**DIRECTIONS:**
Beginning with the line that holds "0.6 s after image 1.", copy each line exactly through the end of the entries, but leave the pictures out.

**PROVIDED INFORMATION:**
◇ ◇ ◇ ◇ ◇ ◇ ◇
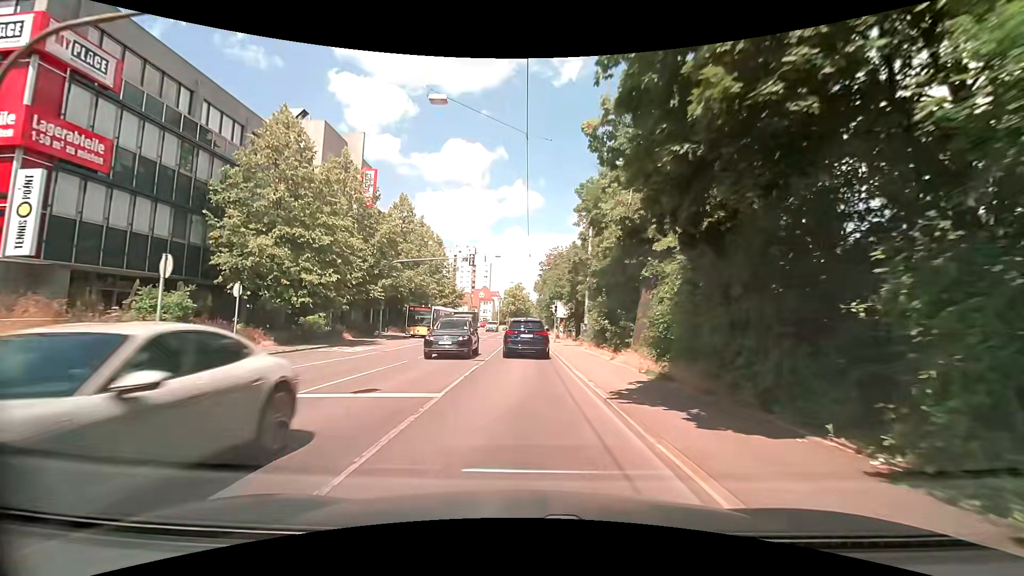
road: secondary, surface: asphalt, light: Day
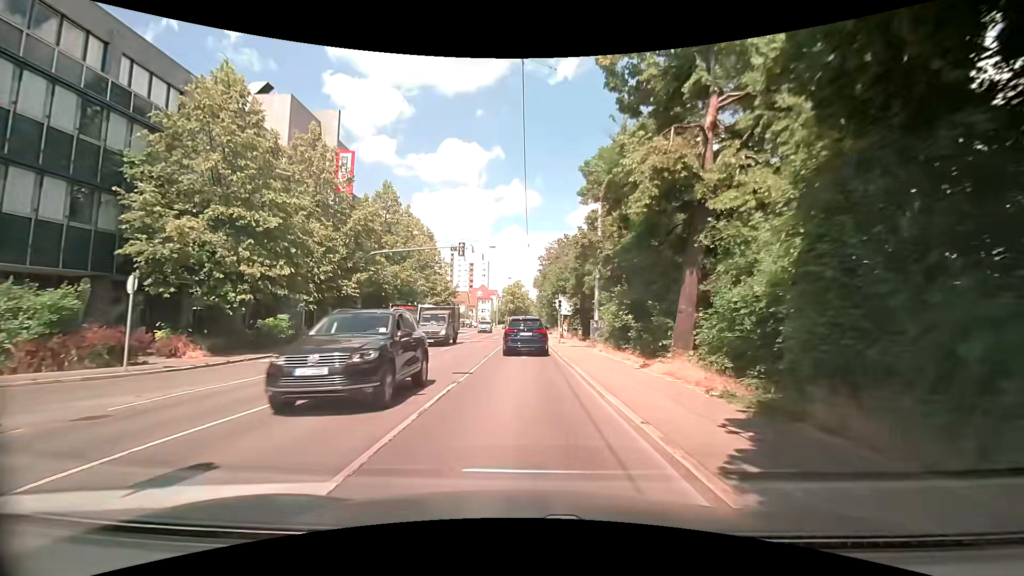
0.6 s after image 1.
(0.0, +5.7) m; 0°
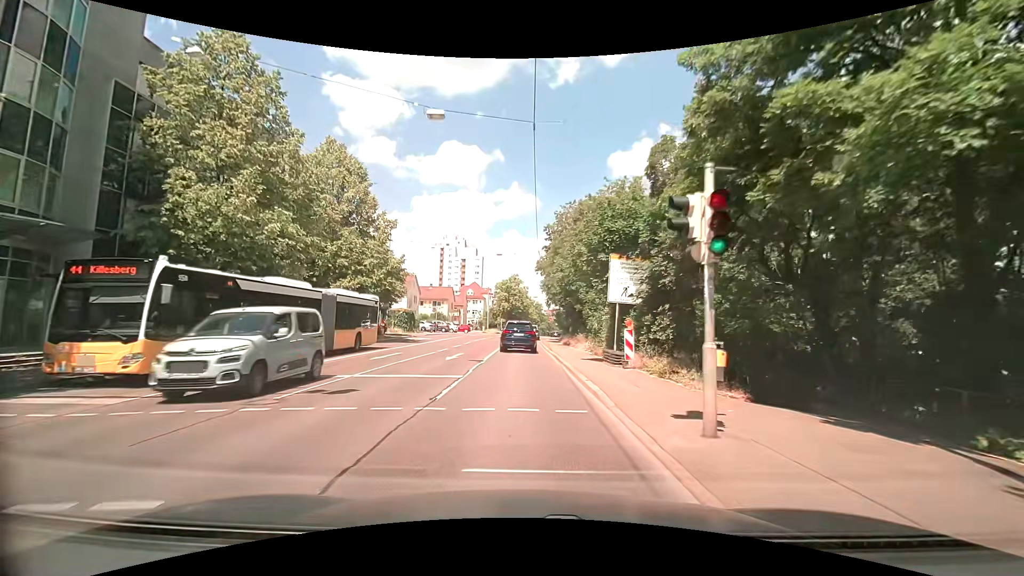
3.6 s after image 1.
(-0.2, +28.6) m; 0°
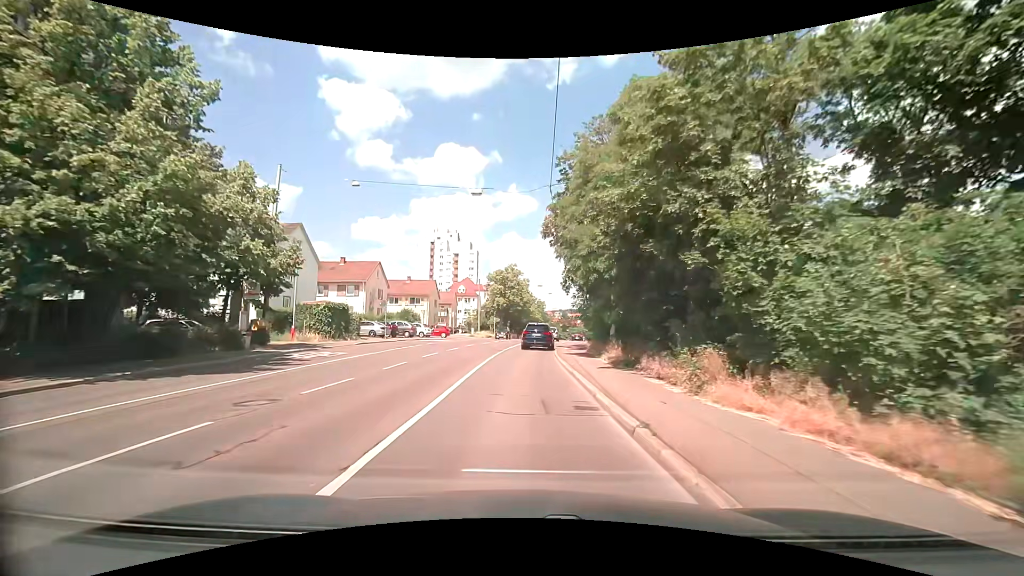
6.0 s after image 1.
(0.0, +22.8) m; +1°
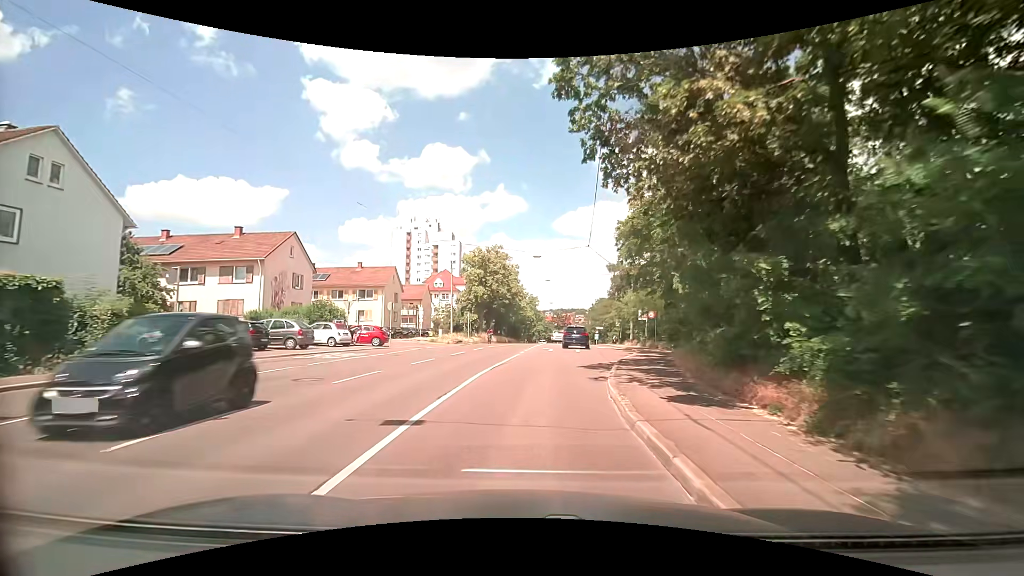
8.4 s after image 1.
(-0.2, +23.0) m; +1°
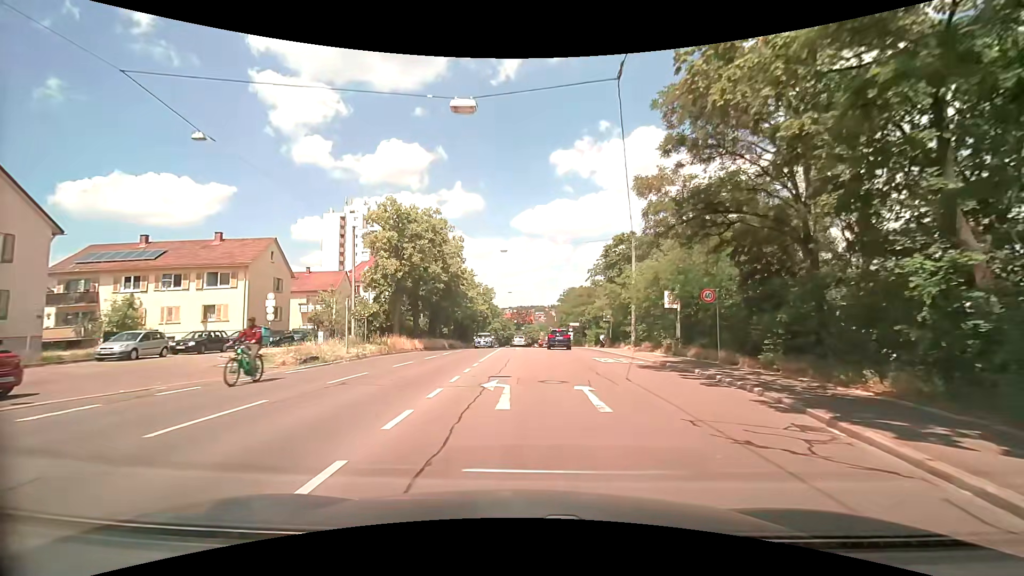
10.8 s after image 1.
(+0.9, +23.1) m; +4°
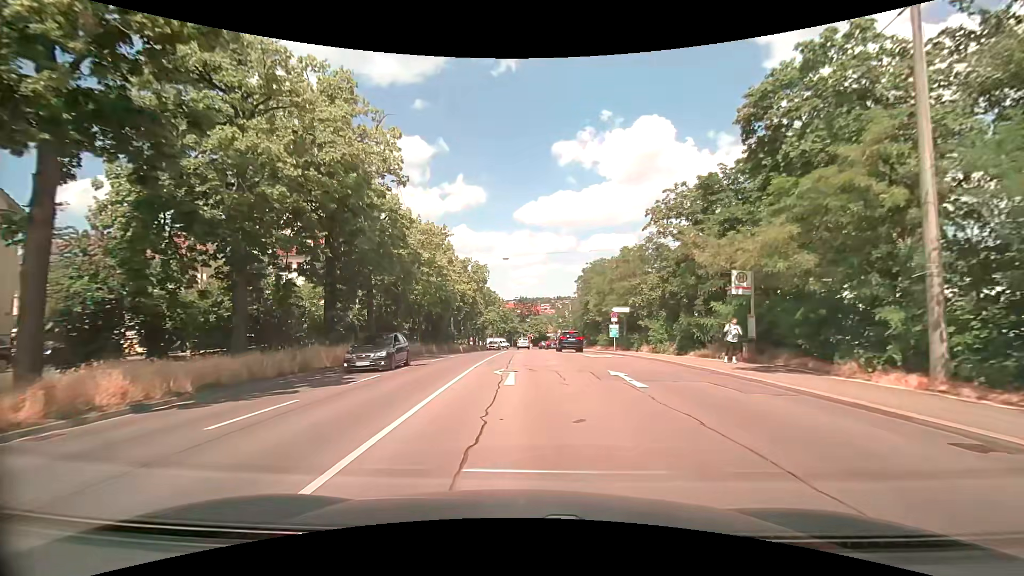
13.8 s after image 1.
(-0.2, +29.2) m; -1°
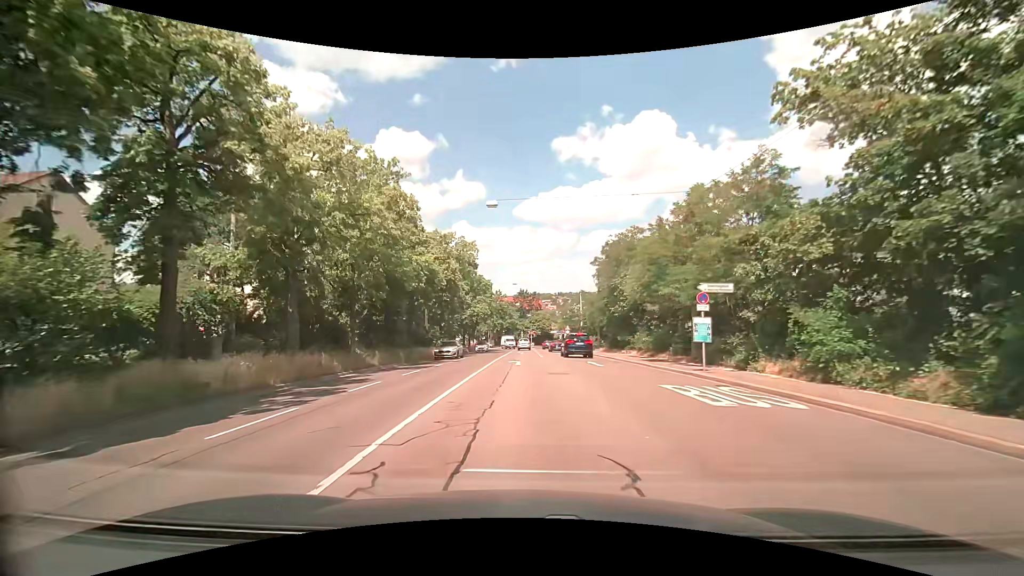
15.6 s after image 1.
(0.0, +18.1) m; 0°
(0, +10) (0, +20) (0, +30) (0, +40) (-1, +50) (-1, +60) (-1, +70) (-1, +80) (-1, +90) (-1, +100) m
◇ ◇ ◇ ◇ ◇ ◇ ◇
**RESPONSE TO THE EXERCISE:**
0.6 s after image 1.
(0.0, +5.7) m; 0°
3.6 s after image 1.
(-0.2, +28.6) m; 0°
6.0 s after image 1.
(0.0, +22.8) m; +1°
8.4 s after image 1.
(-0.2, +23.0) m; +1°
10.8 s after image 1.
(+0.9, +23.1) m; +4°
13.8 s after image 1.
(-0.2, +29.2) m; -1°
15.6 s after image 1.
(0.0, +18.1) m; 0°
(0, +10) (0, +20) (0, +30) (0, +40) (-1, +50) (-1, +60) (-1, +70) (-1, +80) (-1, +90) (-1, +100) m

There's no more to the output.